:: EXERCISE ::
The entries should be written out again exactly as they read.

:: PROVIDED DATA ::
---+---

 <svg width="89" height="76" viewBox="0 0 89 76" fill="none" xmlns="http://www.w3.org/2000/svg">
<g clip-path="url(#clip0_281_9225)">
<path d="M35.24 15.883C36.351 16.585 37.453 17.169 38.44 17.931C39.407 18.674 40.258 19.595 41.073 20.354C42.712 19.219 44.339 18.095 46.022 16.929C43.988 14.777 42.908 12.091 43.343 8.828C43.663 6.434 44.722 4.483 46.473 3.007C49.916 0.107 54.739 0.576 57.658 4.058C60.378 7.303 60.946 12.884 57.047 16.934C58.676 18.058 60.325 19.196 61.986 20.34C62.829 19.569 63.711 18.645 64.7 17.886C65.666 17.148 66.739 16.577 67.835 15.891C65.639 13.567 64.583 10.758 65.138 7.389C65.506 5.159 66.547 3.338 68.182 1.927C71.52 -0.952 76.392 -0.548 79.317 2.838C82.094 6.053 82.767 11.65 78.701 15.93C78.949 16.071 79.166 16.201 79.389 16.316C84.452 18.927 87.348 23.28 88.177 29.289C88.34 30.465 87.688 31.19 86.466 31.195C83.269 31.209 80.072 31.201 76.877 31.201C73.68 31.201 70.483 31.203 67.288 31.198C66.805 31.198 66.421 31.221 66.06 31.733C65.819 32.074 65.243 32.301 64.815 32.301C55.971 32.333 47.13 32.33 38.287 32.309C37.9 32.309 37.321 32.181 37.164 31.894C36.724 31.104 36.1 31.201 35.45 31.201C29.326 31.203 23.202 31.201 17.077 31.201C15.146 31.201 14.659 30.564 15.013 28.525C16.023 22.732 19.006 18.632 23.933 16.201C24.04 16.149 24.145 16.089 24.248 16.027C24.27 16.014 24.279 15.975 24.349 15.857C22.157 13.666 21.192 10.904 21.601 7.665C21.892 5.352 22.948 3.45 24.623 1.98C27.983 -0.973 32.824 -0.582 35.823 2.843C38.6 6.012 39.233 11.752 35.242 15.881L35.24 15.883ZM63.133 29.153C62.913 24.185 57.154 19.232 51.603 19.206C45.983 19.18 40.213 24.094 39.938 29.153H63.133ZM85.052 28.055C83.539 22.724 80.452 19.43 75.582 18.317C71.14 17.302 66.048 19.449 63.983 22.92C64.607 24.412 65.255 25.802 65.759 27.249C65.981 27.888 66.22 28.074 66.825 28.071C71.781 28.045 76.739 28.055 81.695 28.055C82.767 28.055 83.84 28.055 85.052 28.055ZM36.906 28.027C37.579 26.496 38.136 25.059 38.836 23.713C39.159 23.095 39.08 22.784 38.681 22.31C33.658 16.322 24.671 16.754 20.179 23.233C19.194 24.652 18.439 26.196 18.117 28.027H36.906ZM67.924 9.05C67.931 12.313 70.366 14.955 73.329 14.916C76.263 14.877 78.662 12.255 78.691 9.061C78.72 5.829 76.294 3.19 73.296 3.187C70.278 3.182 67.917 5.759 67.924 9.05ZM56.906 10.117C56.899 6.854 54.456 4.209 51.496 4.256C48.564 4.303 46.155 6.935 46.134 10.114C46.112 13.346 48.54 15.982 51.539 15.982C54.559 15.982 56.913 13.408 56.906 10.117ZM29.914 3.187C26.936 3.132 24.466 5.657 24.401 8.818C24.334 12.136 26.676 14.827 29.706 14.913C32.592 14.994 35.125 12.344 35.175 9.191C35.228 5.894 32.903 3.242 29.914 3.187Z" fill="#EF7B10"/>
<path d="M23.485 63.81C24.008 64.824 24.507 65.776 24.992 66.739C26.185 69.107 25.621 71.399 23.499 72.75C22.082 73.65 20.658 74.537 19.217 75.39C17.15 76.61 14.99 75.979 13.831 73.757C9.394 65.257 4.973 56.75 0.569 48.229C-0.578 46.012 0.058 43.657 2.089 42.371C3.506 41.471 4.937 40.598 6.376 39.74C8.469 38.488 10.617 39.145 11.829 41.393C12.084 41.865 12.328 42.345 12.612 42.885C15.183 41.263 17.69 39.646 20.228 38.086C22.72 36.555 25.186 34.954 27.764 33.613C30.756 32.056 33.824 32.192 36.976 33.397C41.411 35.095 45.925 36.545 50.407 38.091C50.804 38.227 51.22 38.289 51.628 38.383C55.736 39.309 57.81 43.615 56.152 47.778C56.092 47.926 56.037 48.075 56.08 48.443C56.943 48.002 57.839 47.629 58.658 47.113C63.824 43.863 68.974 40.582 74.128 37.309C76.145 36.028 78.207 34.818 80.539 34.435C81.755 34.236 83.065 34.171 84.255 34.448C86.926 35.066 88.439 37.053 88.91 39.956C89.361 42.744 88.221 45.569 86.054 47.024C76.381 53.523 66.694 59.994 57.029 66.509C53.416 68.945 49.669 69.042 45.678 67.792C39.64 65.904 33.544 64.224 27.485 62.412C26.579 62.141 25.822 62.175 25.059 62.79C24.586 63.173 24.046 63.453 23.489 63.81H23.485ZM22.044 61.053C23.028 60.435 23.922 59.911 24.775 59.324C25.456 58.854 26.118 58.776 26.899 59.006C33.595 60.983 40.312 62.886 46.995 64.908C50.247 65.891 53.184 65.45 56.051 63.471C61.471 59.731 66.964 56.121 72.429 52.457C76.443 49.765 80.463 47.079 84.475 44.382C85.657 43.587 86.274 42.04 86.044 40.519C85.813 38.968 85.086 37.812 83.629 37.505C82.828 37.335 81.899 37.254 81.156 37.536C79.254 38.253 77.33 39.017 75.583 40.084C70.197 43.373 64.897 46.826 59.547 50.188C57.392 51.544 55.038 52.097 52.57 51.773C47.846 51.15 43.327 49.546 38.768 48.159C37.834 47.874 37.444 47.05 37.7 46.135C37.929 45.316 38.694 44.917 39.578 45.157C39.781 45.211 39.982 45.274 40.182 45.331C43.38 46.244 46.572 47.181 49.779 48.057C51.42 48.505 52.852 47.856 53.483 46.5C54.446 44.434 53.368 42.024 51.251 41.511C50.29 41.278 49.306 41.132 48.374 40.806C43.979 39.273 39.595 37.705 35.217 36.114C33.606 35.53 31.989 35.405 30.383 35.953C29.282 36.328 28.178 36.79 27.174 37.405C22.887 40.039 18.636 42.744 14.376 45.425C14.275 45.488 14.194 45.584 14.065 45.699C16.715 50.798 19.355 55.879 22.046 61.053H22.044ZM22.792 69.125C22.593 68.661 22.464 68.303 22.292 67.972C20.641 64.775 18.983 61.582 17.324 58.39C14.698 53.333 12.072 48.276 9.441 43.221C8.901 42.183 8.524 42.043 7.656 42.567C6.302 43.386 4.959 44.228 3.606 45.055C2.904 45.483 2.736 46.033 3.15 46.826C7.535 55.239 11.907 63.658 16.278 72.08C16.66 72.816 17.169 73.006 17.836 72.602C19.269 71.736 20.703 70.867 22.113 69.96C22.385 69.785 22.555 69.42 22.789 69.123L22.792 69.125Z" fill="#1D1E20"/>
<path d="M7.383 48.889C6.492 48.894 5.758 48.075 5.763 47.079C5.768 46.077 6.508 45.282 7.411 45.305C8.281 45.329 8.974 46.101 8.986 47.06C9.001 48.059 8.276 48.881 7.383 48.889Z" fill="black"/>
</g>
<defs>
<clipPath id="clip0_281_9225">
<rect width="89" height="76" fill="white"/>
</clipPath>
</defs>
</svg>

---+---

:: RESPONSE TO THIS EXERCISE ::
 <svg width="89" height="76" viewBox="0 0 89 76" fill="none" xmlns="http://www.w3.org/2000/svg">
<g clip-path="url(#clip0_281_9225)">
<path d="M35.24 15.883C36.351 16.585 37.453 17.169 38.44 17.931C39.407 18.674 40.258 19.595 41.073 20.354C42.712 19.219 44.339 18.095 46.022 16.929C43.988 14.777 42.908 12.091 43.343 8.828C43.663 6.434 44.722 4.483 46.473 3.007C49.916 0.107 54.739 0.576 57.658 4.058C60.378 7.303 60.946 12.884 57.047 16.934C58.676 18.058 60.325 19.196 61.986 20.34C62.829 19.569 63.711 18.645 64.7 17.886C65.666 17.148 66.739 16.577 67.835 15.891C65.639 13.567 64.583 10.758 65.138 7.389C65.506 5.159 66.547 3.338 68.182 1.927C71.52 -0.952 76.392 -0.548 79.317 2.838C82.094 6.053 82.767 11.65 78.701 15.93C78.949 16.071 79.166 16.201 79.389 16.316C84.452 18.927 87.348 23.28 88.177 29.289C88.34 30.465 87.688 31.19 86.466 31.195C83.269 31.209 80.072 31.201 76.877 31.201C73.68 31.201 70.483 31.203 67.288 31.198C66.805 31.198 66.421 31.221 66.06 31.733C65.819 32.074 65.243 32.301 64.815 32.301C55.971 32.333 47.13 32.33 38.287 32.309C37.9 32.309 37.321 32.181 37.164 31.894C36.724 31.104 36.1 31.201 35.45 31.201C29.326 31.203 23.202 31.201 17.077 31.201C15.146 31.201 14.659 30.564 15.013 28.525C16.023 22.732 19.006 18.632 23.933 16.201C24.04 16.149 24.145 16.089 24.248 16.027C24.27 16.014 24.279 15.975 24.349 15.857C22.157 13.666 21.192 10.904 21.601 7.665C21.892 5.352 22.948 3.45 24.623 1.98C27.983 -0.973 32.824 -0.582 35.823 2.843C38.6 6.012 39.233 11.752 35.242 15.881L35.24 15.883ZM63.133 29.153C62.913 24.185 57.154 19.232 51.603 19.206C45.983 19.18 40.213 24.094 39.938 29.153H63.133ZM85.052 28.055C83.539 22.724 80.452 19.43 75.582 18.317C71.14 17.302 66.048 19.449 63.983 22.92C64.607 24.412 65.255 25.802 65.759 27.249C65.981 27.888 66.22 28.074 66.825 28.071C71.781 28.045 76.739 28.055 81.695 28.055C82.767 28.055 83.84 28.055 85.052 28.055ZM36.906 28.027C37.579 26.496 38.136 25.059 38.836 23.713C39.159 23.095 39.08 22.784 38.681 22.31C33.658 16.322 24.671 16.754 20.179 23.233C19.194 24.652 18.439 26.196 18.117 28.027H36.906ZM67.924 9.05C67.931 12.313 70.366 14.955 73.329 14.916C76.263 14.877 78.662 12.255 78.691 9.061C78.72 5.829 76.294 3.19 73.296 3.187C70.278 3.182 67.917 5.759 67.924 9.05ZM56.906 10.117C56.899 6.854 54.456 4.209 51.496 4.256C48.564 4.303 46.155 6.935 46.134 10.114C46.112 13.346 48.54 15.982 51.539 15.982C54.559 15.982 56.913 13.408 56.906 10.117ZM29.914 3.187C26.936 3.132 24.466 5.657 24.401 8.818C24.334 12.136 26.676 14.827 29.706 14.913C32.592 14.994 35.125 12.344 35.175 9.191C35.228 5.894 32.903 3.242 29.914 3.187Z" fill="#EF7B10"/>
<path d="M23.485 63.81C24.008 64.824 24.507 65.776 24.992 66.739C26.185 69.107 25.621 71.399 23.499 72.75C22.082 73.65 20.658 74.537 19.217 75.39C17.15 76.61 14.99 75.979 13.831 73.757C9.394 65.257 4.973 56.75 0.569 48.229C-0.578 46.012 0.058 43.657 2.089 42.371C3.506 41.471 4.937 40.598 6.376 39.74C8.469 38.488 10.617 39.145 11.829 41.393C12.084 41.865 12.328 42.345 12.612 42.885C15.183 41.263 17.69 39.646 20.228 38.086C22.72 36.555 25.186 34.954 27.764 33.613C30.756 32.056 33.824 32.192 36.976 33.397C41.411 35.095 45.925 36.545 50.407 38.091C50.804 38.227 51.22 38.289 51.628 38.383C55.736 39.309 57.81 43.615 56.152 47.778C56.092 47.926 56.037 48.075 56.08 48.443C56.943 48.002 57.839 47.629 58.658 47.113C63.824 43.863 68.974 40.582 74.128 37.309C76.145 36.028 78.207 34.818 80.539 34.435C81.755 34.236 83.065 34.171 84.255 34.448C86.926 35.066 88.439 37.053 88.91 39.956C89.361 42.744 88.221 45.569 86.054 47.024C76.381 53.523 66.694 59.994 57.029 66.509C53.416 68.945 49.669 69.042 45.678 67.792C39.64 65.904 33.544 64.224 27.485 62.412C26.579 62.141 25.822 62.175 25.059 62.79C24.586 63.173 24.046 63.453 23.489 63.81H23.485ZM22.044 61.053C23.028 60.435 23.922 59.911 24.775 59.324C25.456 58.854 26.118 58.776 26.899 59.006C33.595 60.983 40.312 62.886 46.995 64.908C50.247 65.891 53.184 65.45 56.051 63.471C61.471 59.731 66.964 56.121 72.429 52.457C76.443 49.765 80.463 47.079 84.475 44.382C85.657 43.587 86.274 42.04 86.044 40.519C85.813 38.968 85.086 37.812 83.629 37.505C82.828 37.335 81.899 37.254 81.156 37.536C79.254 38.253 77.33 39.017 75.583 40.084C70.197 43.373 64.897 46.826 59.547 50.188C57.392 51.544 55.038 52.097 52.57 51.773C47.846 51.15 43.327 49.546 38.768 48.159C37.834 47.874 37.444 47.05 37.7 46.135C37.929 45.316 38.694 44.917 39.578 45.157C39.781 45.211 39.982 45.274 40.182 45.331C43.38 46.244 46.572 47.181 49.779 48.057C51.42 48.505 52.852 47.856 53.483 46.5C54.446 44.434 53.368 42.024 51.251 41.511C50.29 41.278 49.306 41.132 48.374 40.806C43.979 39.273 39.595 37.705 35.217 36.114C33.606 35.53 31.989 35.405 30.383 35.953C29.282 36.328 28.178 36.79 27.174 37.405C22.887 40.039 18.636 42.744 14.376 45.425C14.275 45.488 14.194 45.584 14.065 45.699C16.715 50.798 19.355 55.879 22.046 61.053H22.044ZM22.792 69.125C22.593 68.661 22.464 68.303 22.292 67.972C20.641 64.775 18.983 61.582 17.324 58.39C14.698 53.333 12.072 48.276 9.441 43.221C8.901 42.183 8.524 42.043 7.656 42.567C6.302 43.386 4.959 44.228 3.606 45.055C2.904 45.483 2.736 46.033 3.15 46.826C7.535 55.239 11.907 63.658 16.278 72.08C16.66 72.816 17.169 73.006 17.836 72.602C19.269 71.736 20.703 70.867 22.113 69.96C22.385 69.785 22.555 69.42 22.789 69.123L22.792 69.125Z" fill="#1D1E20"/>
<path d="M7.383 48.889C6.492 48.894 5.758 48.075 5.763 47.079C5.768 46.077 6.508 45.282 7.411 45.305C8.281 45.329 8.974 46.101 8.986 47.06C9.001 48.059 8.276 48.881 7.383 48.889Z" fill="black"/>
</g>
<defs>
<clipPath id="clip0_281_9225">
<rect width="89" height="76" fill="white"/>
</clipPath>
</defs>
</svg>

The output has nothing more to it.